- **About this task**
The entries below are to be transcribed in full, without their images.

[Saved data entries]
• • •
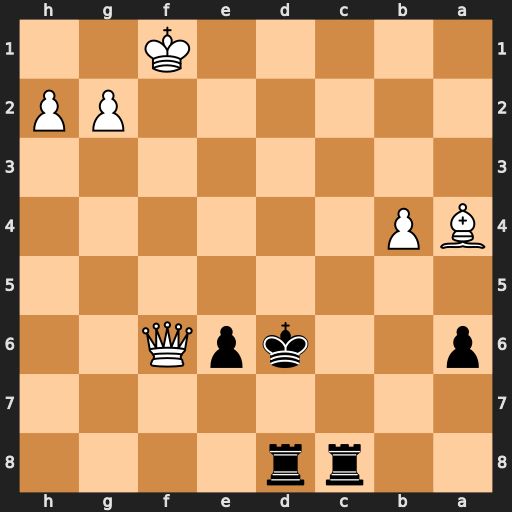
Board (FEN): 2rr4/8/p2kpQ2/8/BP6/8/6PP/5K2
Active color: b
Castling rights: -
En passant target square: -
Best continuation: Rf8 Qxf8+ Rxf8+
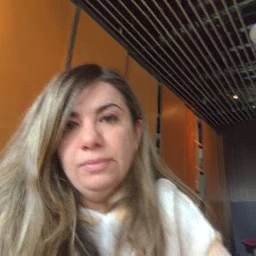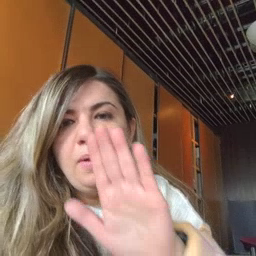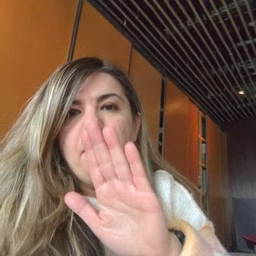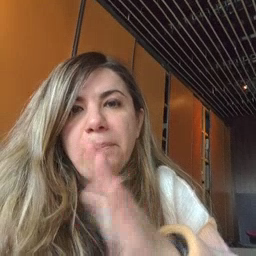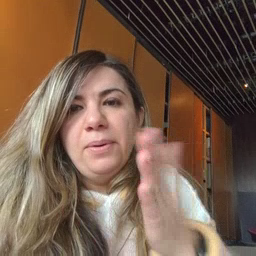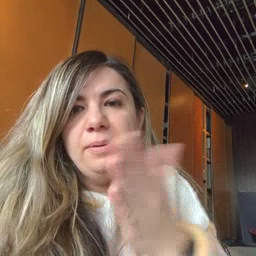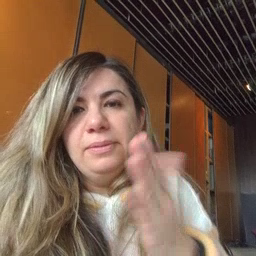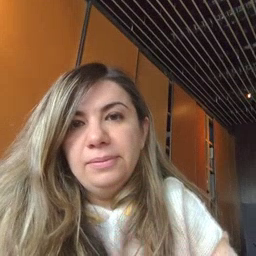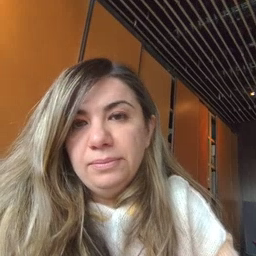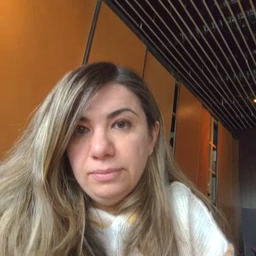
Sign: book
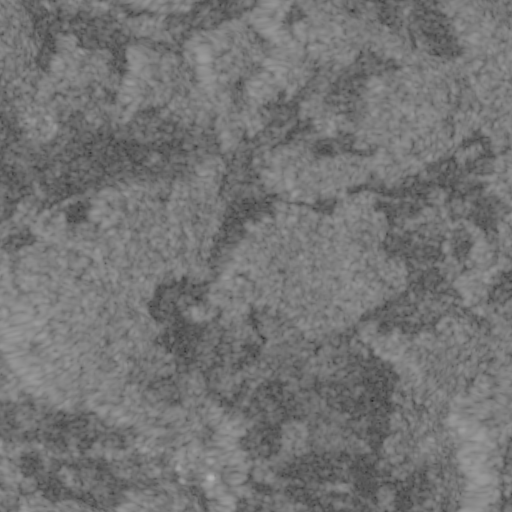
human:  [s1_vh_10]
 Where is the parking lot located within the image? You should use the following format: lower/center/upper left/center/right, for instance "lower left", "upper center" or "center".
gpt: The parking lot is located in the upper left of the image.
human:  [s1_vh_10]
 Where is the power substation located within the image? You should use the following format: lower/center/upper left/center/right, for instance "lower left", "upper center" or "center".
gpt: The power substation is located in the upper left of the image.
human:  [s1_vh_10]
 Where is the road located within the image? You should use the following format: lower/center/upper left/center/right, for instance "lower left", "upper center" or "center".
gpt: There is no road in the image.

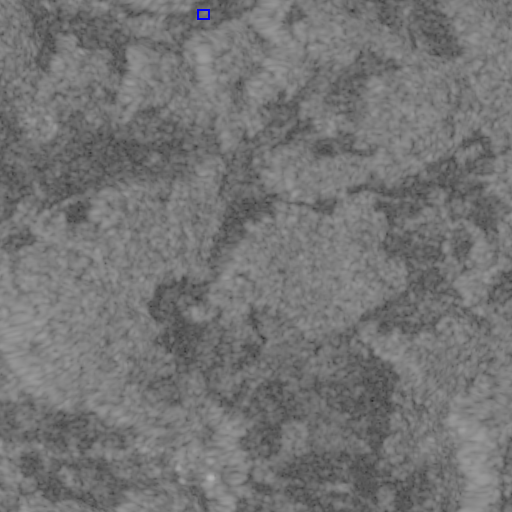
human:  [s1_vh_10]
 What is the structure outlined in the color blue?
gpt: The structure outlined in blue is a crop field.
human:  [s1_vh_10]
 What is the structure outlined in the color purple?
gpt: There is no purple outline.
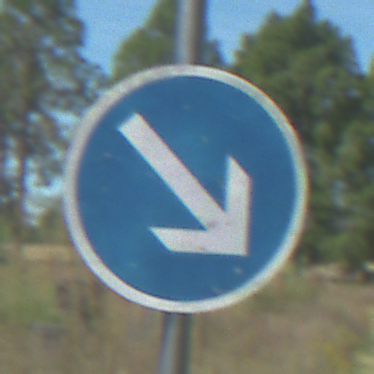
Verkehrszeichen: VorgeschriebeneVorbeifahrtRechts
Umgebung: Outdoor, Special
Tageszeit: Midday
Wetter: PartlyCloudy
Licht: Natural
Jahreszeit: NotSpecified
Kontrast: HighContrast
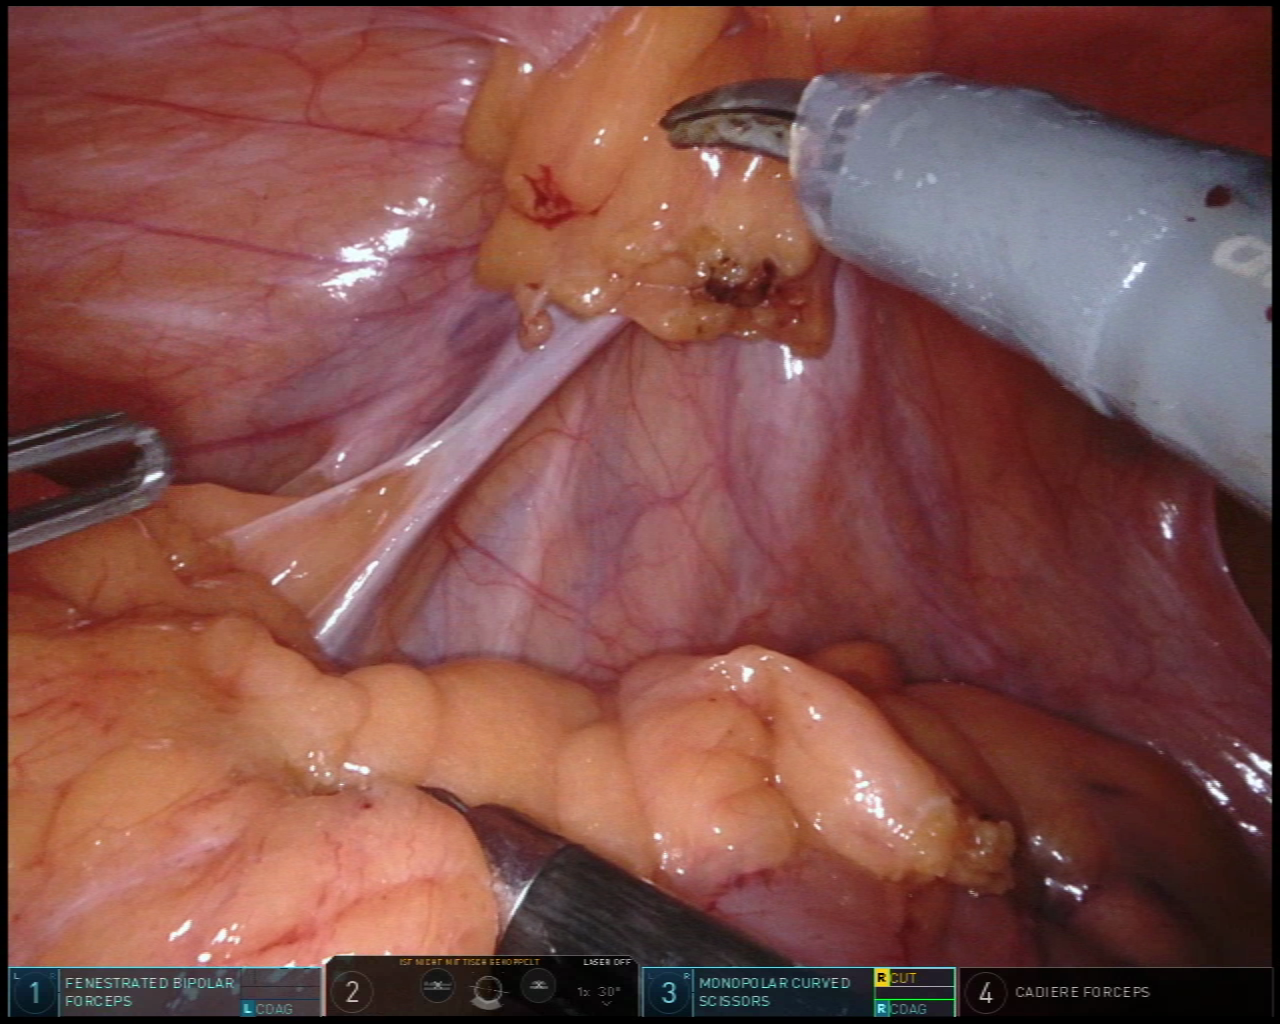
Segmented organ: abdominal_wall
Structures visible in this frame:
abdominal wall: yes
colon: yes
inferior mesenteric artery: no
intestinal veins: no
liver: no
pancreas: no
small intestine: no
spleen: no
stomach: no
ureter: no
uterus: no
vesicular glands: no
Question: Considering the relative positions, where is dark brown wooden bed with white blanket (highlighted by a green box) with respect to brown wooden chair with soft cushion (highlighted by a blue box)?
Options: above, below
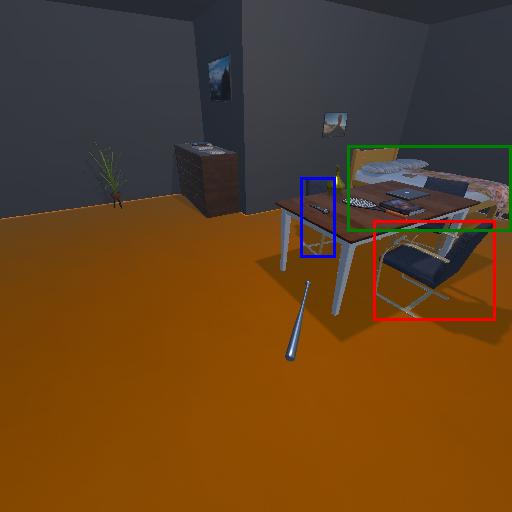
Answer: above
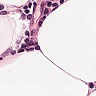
• • •
- **Task answer**
Board (FEN): 2rr4/8/p2kpQ2/8/BP6/8/6PP/5K2
Active color: b
Castling rights: -
En passant target square: -
Best continuation: Rf8 Qxf8+ Rxf8+
Sign: book
human:  [s1_vh_10]
 Where is the parking lot located within the image? You should use the following format: lower/center/upper left/center/right, for instance "lower left", "upper center" or "center".
gpt: The parking lot is located in the upper left of the image.
human:  [s1_vh_10]
 Where is the power substation located within the image? You should use the following format: lower/center/upper left/center/right, for instance "lower left", "upper center" or "center".
gpt: The power substation is located in the upper left of the image.
human:  [s1_vh_10]
 Where is the road located within the image? You should use the following format: lower/center/upper left/center/right, for instance "lower left", "upper center" or "center".
gpt: There is no road in the image.

human:  [s1_vh_10]
 What is the structure outlined in the color blue?
gpt: The structure outlined in blue is a crop field.
human:  [s1_vh_10]
 What is the structure outlined in the color purple?
gpt: There is no purple outline.
Verkehrszeichen: VorgeschriebeneVorbeifahrtRechts
Umgebung: Outdoor, Special
Tageszeit: Midday
Wetter: PartlyCloudy
Licht: Natural
Jahreszeit: NotSpecified
Kontrast: HighContrast
Segmented organ: abdominal_wall
Structures visible in this frame:
abdominal wall: yes
colon: yes
inferior mesenteric artery: no
intestinal veins: no
liver: no
pancreas: no
small intestine: no
spleen: no
stomach: no
ureter: no
uterus: no
vesicular glands: no
Question: Considering the relative positions, where is dark brown wooden bed with white blanket (highlighted by a green box) with respect to brown wooden chair with soft cushion (highlighted by a blue box)?
Options: above, below
Answer: above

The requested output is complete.